I call the added steps the “hidden data factory.” Companies, government agencies, and other organizations are rife with hidden data factories. Salespeople waste time dealing with erred prospect data; service delivery people waste time correcting flawed customer orders received from sales. Data scientists spend an inordinate amount of time cleaning data; IT expends enormous effort lining up systems that “don’t talk.” Senior executives hedge their plans because they don’t trust the numbers from finance.
Such hidden data factories are expensive. They form the basis for IBM’s $3.1 trillion per year figure. But quite naturally, managers should be more interested in the costs to their own organizations than to the economy as a whole. So consider:
There is no mystery in reducing the costs of bad data — you have to shine a harsh light on those hidden data factories and reduce them as much as possible. The aforementioned Friday Afternoon Measurement and the rule of ten help shine that harsh light. So too does the realization that hidden data factories represent non-value-added work.
To see this, look once more at the process above. If Department A does its work well, then Department B would not need to handle the added steps of finding, correcting, and dealing with the consequences of errors, obviating the need for the hidden factory. No reasonably well-informed external customer would pay more for these steps. Thus,the hidden data factory creates no value. By taking steps to remove these inefficiencies, you can spend more time on the more valuable work they will pay for.
Note that very near term, you probably have to continue to do this work. It is simply irresponsible to use bad data or pass it onto a customer. At the same time, all good managers know that, they must minimize such work.
It is clear enough that the way to reduce the size of the hidden data factories is to quit making so many errors. In the two-step process above, this means that Department B must reach out to Department A, explain its requirements, cite some example errors, and share measurements.

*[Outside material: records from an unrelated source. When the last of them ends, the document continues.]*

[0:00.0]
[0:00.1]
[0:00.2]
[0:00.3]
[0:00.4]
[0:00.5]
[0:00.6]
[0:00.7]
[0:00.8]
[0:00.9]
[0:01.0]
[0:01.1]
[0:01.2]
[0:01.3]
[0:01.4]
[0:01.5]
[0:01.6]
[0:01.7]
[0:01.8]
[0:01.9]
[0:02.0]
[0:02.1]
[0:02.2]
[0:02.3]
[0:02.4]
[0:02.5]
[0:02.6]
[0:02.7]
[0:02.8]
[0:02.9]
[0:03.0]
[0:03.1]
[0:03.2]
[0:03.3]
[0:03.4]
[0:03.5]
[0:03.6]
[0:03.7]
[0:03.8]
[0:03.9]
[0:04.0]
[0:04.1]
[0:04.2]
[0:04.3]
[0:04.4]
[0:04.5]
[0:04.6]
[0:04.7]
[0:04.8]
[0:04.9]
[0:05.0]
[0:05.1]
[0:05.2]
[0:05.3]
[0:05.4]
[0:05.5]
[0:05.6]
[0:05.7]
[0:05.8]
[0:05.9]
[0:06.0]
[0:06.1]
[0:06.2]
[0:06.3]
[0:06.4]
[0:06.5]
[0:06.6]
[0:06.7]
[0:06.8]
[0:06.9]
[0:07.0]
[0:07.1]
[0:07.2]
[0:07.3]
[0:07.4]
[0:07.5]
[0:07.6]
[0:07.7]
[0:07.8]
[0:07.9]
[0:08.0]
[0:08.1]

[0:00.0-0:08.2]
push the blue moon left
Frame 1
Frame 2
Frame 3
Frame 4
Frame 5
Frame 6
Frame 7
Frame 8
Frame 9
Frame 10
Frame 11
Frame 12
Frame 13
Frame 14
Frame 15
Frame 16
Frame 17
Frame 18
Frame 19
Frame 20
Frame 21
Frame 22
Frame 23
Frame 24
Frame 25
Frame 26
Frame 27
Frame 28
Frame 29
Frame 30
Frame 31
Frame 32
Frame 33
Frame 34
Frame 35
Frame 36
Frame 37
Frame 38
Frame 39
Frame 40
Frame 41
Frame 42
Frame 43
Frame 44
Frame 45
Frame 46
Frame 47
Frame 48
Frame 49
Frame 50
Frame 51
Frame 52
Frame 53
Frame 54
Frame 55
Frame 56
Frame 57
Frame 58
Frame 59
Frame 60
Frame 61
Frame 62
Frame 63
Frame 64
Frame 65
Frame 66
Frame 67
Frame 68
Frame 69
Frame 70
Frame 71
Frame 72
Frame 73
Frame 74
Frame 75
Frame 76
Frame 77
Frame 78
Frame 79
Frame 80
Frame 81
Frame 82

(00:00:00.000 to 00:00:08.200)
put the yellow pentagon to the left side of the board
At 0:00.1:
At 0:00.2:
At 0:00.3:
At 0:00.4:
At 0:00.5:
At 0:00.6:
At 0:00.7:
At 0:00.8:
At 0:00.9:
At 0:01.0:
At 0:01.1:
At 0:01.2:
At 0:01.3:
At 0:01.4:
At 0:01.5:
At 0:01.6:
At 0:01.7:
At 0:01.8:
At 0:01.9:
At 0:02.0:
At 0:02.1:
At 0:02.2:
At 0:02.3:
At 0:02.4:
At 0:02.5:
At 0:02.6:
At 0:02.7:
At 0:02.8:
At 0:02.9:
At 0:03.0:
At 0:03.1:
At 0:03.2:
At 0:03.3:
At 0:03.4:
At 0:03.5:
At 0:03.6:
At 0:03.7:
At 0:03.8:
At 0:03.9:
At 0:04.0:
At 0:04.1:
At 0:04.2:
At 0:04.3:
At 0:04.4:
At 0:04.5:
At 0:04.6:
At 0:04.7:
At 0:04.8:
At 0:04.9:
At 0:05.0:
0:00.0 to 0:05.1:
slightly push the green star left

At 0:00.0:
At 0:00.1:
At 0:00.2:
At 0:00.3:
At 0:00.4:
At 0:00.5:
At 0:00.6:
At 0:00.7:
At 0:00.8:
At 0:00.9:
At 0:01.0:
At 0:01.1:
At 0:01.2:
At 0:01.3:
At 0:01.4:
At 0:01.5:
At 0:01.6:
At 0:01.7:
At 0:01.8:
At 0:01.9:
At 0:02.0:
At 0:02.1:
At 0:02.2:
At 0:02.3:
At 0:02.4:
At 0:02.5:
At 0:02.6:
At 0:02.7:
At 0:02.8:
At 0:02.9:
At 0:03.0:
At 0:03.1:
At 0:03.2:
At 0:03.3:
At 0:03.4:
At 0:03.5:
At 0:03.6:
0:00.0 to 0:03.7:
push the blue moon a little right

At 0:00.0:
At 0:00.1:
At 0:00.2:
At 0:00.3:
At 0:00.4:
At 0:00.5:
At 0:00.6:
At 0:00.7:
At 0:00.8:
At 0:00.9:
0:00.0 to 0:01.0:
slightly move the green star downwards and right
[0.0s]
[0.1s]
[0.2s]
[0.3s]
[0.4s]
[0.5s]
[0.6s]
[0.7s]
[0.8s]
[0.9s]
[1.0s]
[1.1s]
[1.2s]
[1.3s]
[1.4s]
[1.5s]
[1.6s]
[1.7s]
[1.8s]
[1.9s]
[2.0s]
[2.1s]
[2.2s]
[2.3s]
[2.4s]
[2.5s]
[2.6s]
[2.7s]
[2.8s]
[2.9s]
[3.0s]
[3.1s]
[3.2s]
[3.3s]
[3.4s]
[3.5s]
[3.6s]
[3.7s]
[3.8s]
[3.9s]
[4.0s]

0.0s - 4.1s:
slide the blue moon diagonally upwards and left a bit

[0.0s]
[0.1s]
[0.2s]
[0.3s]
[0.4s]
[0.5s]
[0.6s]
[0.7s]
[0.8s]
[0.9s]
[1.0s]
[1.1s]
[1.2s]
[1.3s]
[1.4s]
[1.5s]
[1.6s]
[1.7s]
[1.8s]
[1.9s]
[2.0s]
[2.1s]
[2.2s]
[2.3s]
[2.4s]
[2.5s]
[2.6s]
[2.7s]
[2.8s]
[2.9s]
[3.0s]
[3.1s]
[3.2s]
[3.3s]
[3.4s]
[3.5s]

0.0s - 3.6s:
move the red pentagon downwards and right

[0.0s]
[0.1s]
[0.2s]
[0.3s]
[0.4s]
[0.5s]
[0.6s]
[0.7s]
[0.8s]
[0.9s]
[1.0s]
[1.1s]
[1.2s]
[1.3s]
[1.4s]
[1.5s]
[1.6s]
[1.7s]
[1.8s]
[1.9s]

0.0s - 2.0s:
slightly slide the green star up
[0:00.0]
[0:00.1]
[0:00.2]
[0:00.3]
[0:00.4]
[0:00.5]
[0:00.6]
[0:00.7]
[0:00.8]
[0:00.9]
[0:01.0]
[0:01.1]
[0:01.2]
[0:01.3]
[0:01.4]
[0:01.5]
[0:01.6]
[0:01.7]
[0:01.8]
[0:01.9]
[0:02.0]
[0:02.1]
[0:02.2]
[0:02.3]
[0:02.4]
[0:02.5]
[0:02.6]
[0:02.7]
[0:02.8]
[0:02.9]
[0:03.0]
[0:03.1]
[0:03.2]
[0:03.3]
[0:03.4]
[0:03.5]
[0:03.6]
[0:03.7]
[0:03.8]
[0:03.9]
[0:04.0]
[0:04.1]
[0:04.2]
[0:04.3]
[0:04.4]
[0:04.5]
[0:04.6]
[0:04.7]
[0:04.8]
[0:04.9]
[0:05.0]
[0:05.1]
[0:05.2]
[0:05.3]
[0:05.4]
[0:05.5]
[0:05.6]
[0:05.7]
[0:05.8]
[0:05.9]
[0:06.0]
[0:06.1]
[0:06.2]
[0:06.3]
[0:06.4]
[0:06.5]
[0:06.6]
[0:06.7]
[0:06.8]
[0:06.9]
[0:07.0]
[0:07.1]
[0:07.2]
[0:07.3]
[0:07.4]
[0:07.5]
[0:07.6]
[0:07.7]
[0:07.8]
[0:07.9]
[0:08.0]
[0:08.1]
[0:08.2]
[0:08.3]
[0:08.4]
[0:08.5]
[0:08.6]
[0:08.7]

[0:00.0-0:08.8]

Department A, for its part, must acknowledge that it is the source of added cost to Department B and work diligently to find and eliminate the root causes of error. Those that follow this regimen almost always reduce the costs associated with hidden data factories by two thirds and often by 90% or more.
I don’t want to make this sound simpler than it really is. It requires a new way of thinking. Sorting out your requirements as a customer can take some effort, it is not always clear where the data originate, and there is the occasional root cause that is tough to resolve. Still, the vast majority of data quality issues yield.
Importantly, the benefits of improving data quality go far beyond reduced costs. It is hard to imagine any sort of future in data when so much is so bad. Thus, improving data quality is a gift that keeps giving — it enables you to take out costs permanently and to more easily pursue other data strategies. For all but a few, there is no better opportunity in data.